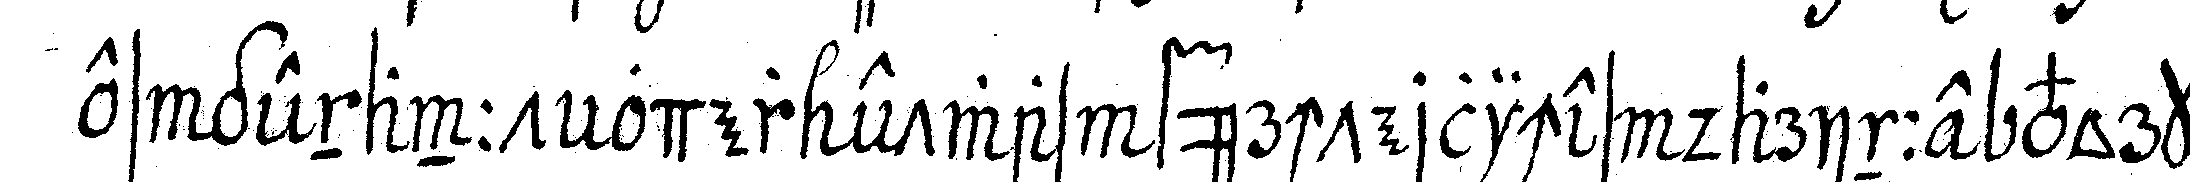
es genannt oder etwas fürchterliches darinne vorko
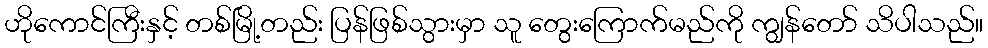
ဟိုကောင်ကြီးနှင့် တစ်မြို့တည်း ပြန်ဖြစ်သွားမှာ သူ တွေးကြောက်မည်ကို ကျွန်တော် သိပါသည်။
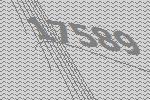
17589
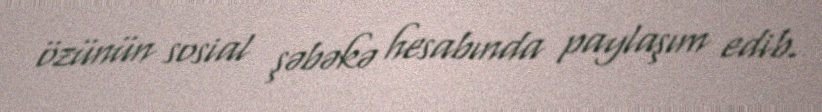
özünün sosial şəbəkə hesabında paylaşım edib.
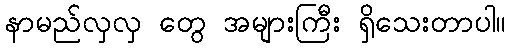
နာမည်လှလှ တွေ အများကြီး ရှိသေးတာပါ။
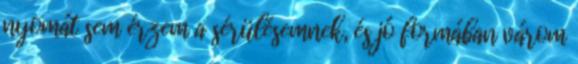
nyomát sem érzem a sérülésemnek, és jó formában várom
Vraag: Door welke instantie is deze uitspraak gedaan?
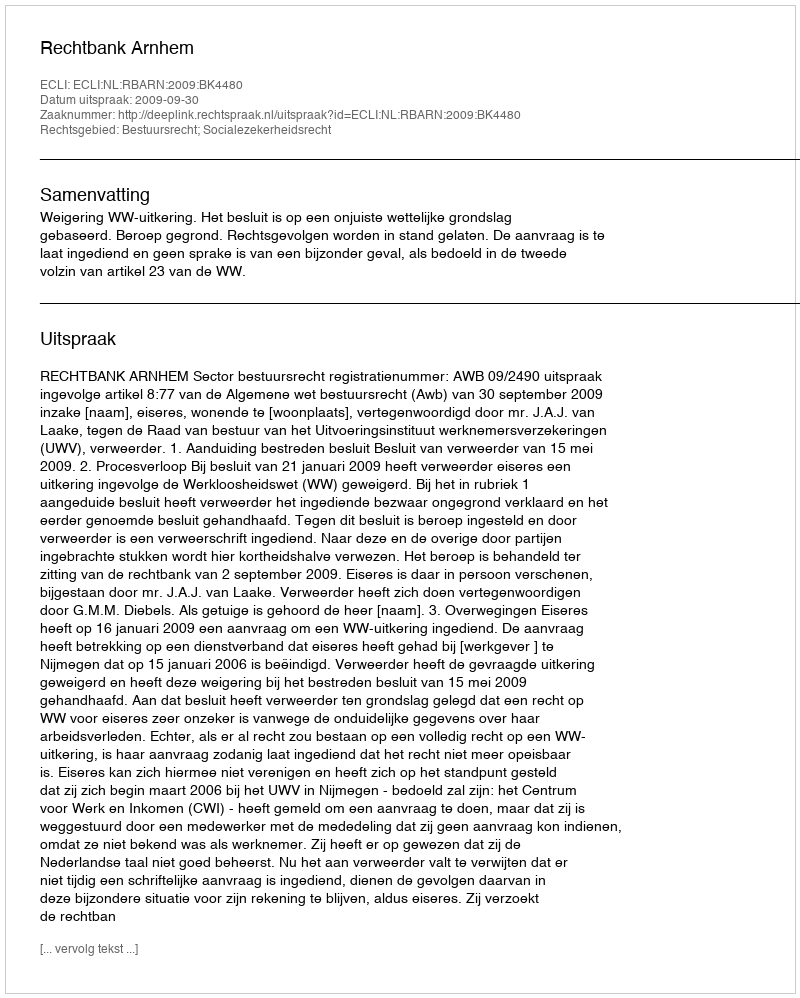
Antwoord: Rechtbank Arnhem

=-=-=-=-=

Starting with the line that contains "Vraag: Door welke", print every line through the end of the data exactly as written; omit all pictures and add nothing else.

**TASK RESPONSE**
Vraag: Door welke instantie is deze uitspraak gedaan?
Antwoord: Rechtbank Arnhem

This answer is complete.